Benedict Martin

Personal information
- Full name: Benedict Martin
- Date of birth: 17 July 1987 (age 38)
- Place of birth: Sarawak, Malaysia
- Height: 1.71 m (5 ft 7+1⁄2 in)
- Positions: Midfielder; defender;

Team information
- Current team: Sarawak FA
- Number: 8

Youth career
- 2005–2006: Sarawak U19 (Piala Belia)
- 2007–2008: Selangor U21 (Piala Presiden)

Senior career*
- Years: Team / Apps / (Gls)
- 2008–2010: Perak FA / 13 / (4)
- 2011–2012: Sarawak FA / 11 / (1)
- 2013–2015: Kuala Lumpur FA / 32 / (13)
- 2017–2020: Sarawak FA / 35 / (11)

Managerial career
- 2021–2023: Sarawak FA (Assistant Coach)
- 2024–2025: Kuching City (U20 Assistant coach)

= Benedict Martin =

Malaysian footballer

Benedict Martin (born 17 July 1987) is a Malaysian footballer who plays as a midfielder for his hometown club Sarawak FA after venturing out playing in peninsular Malaysia.

==Career==
Benedict started his professional career in 2005, enrolling with Sarawak youth squad. He then transferred to Selangor youth squad, due to him furthering his studies in Universiti Teknologi MARA in Shah Alam.

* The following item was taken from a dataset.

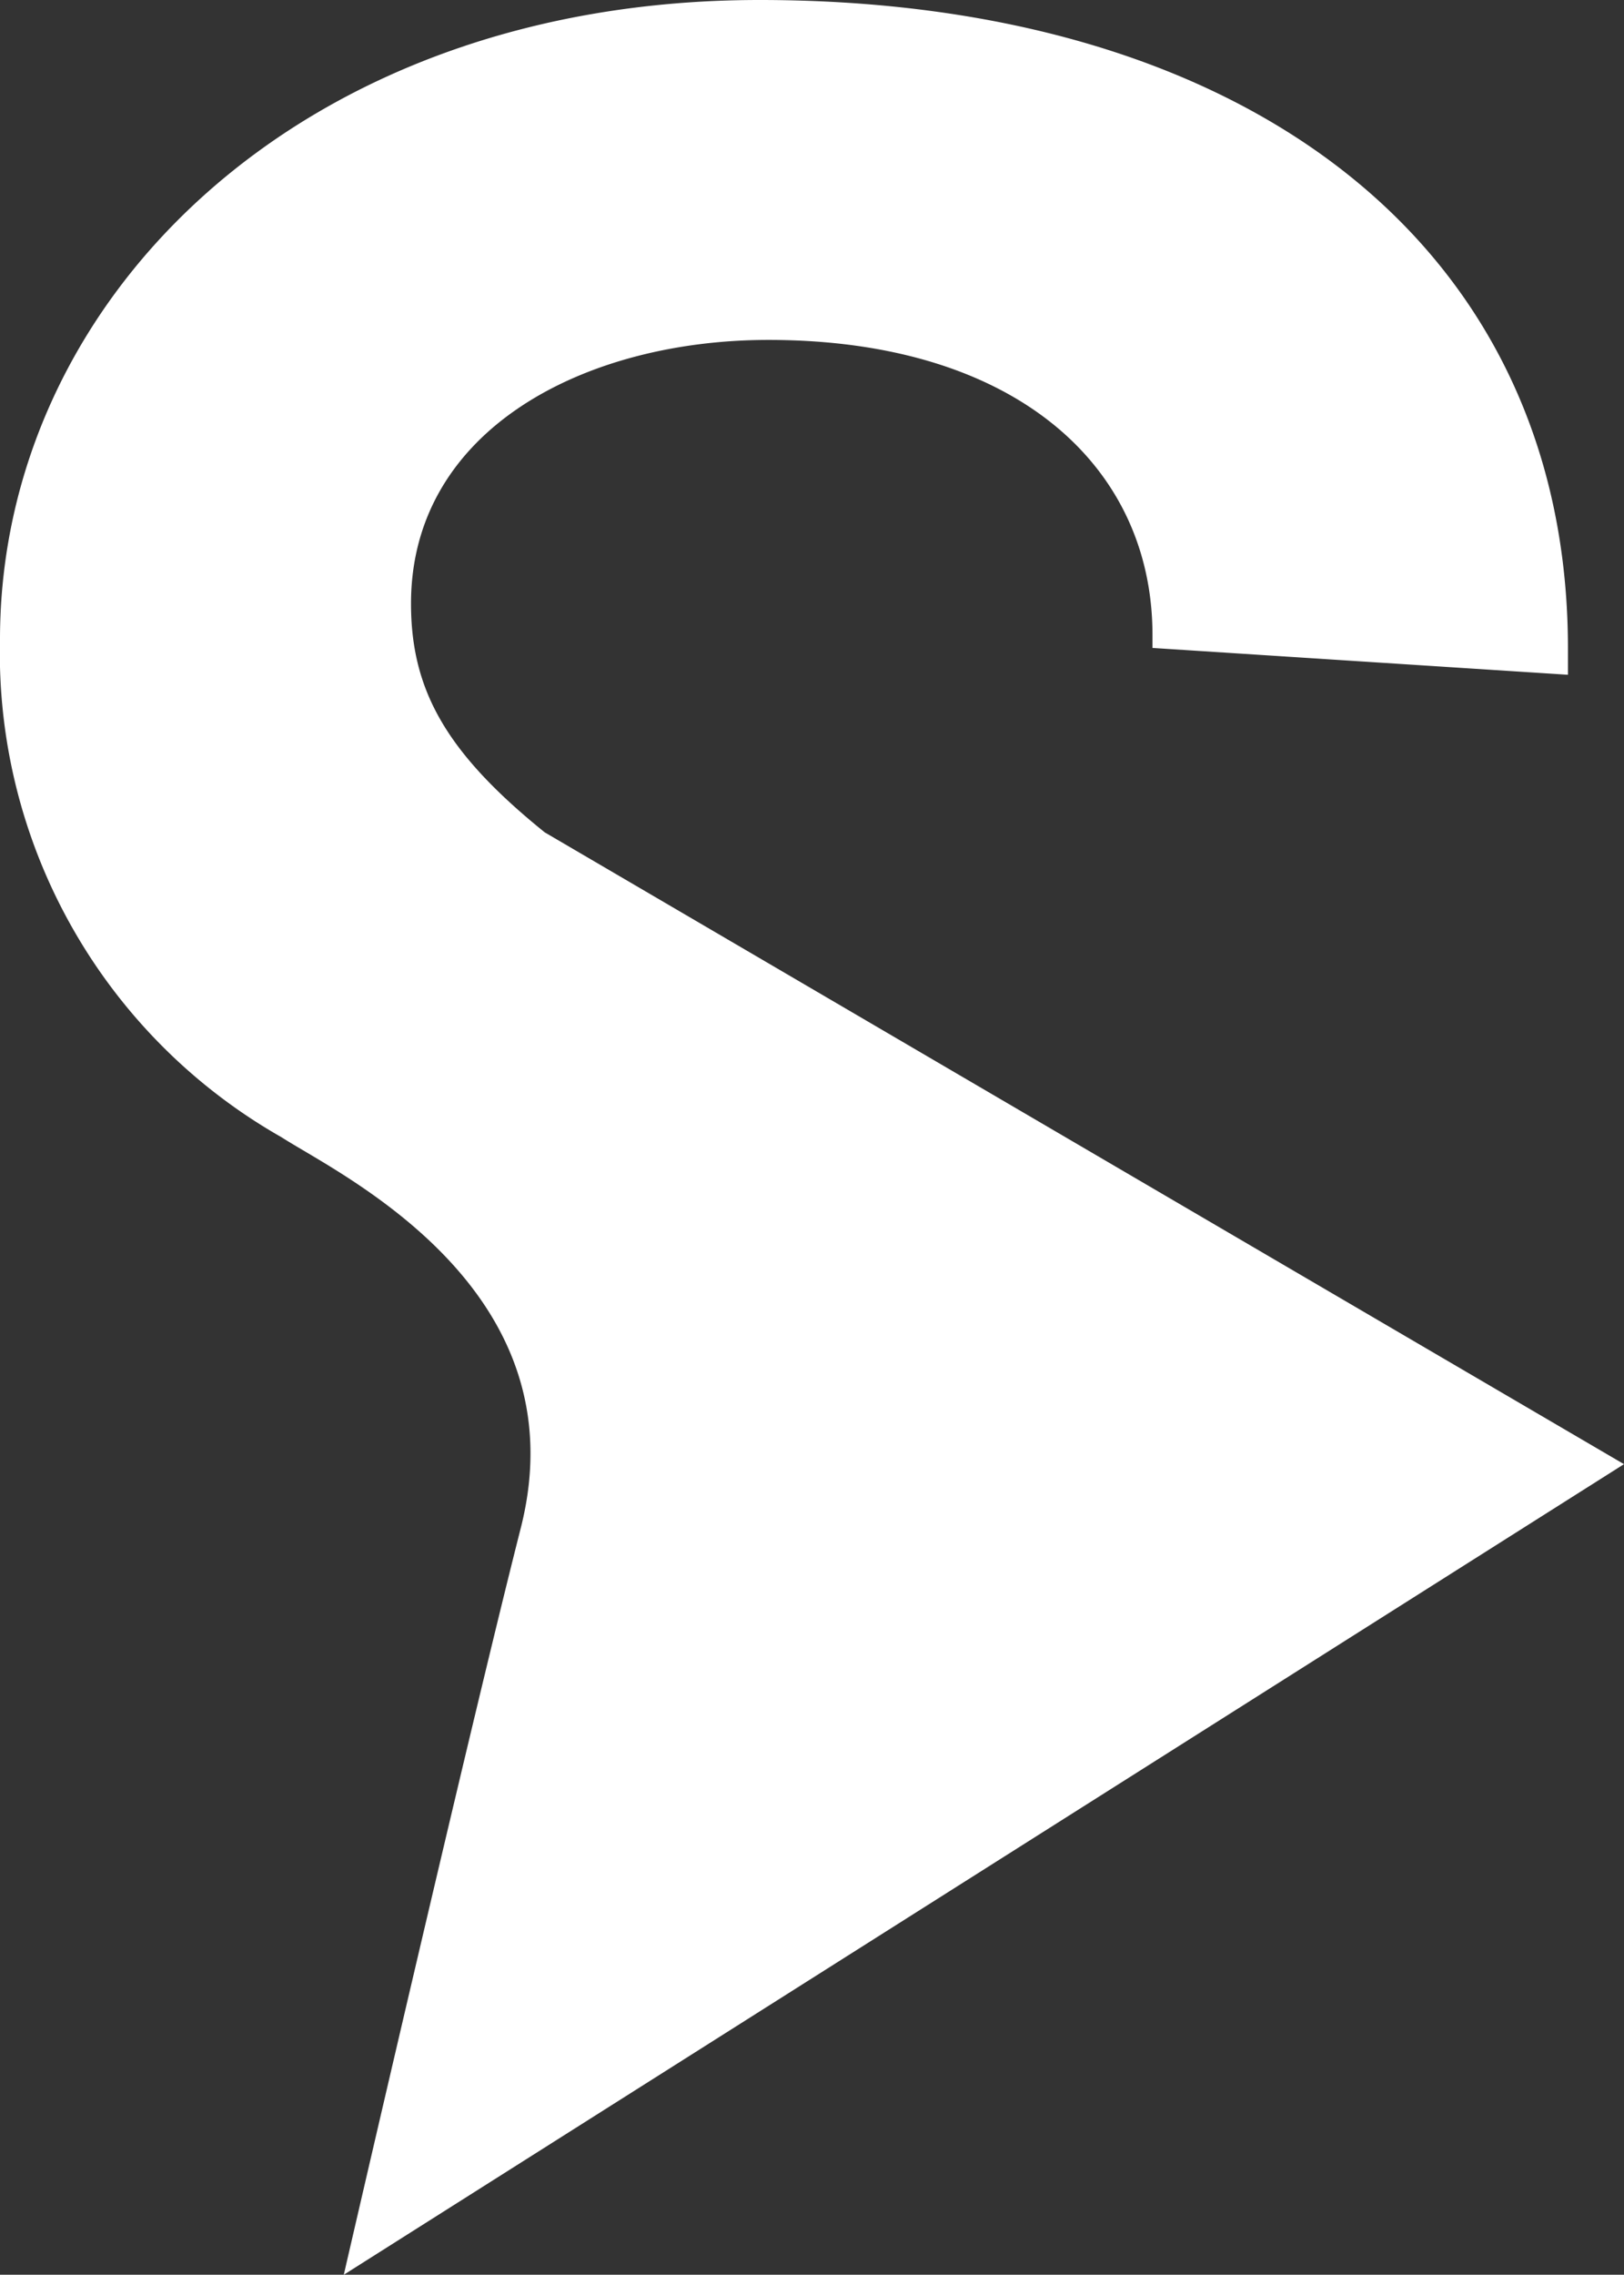 <svg id="sby-wrap" xmlns="http://www.w3.org/2000/svg" width="31.432" height="44" viewBox="0 0 31.432 44"><rect x="0" y="0" width="31.432" height="44" fill="#333333" stroke="none"/><path id="sby-icon" d="M7.955,11.675c0-3.373,3.373-5.1,6.918-5.1,4.754,0,7.433,2.422,7.433,5.709v.249l8.041.519v-.511C30.347,4.757,24.123,0,14.7,0,5.8,0,0,5.8,0,12.366A10.773,10.773,0,0,0,5.453,22c1.1.711,5.806,2.918,4.626,7.558C9.071,33.523,6.654,44,6.654,44L31.432,28.321,10.543,16.1C8.64,14.564,7.955,13.353,7.955,11.675Z" fill="#fff"/></svg>

For the 2009 season, Benedict signed to play for Perak. Here, he made his name as a dead-ball specialist for Perak. He played for two seasons with Perak.

He returns to his home state, Sarawak to play for the Sarawak F.A. team in the 2011 Malaysia Premier League season.

After 2 years with Sarawak, Benedict joined Kuala Lumpur in 2013. He also served as team captain during the 2013 season.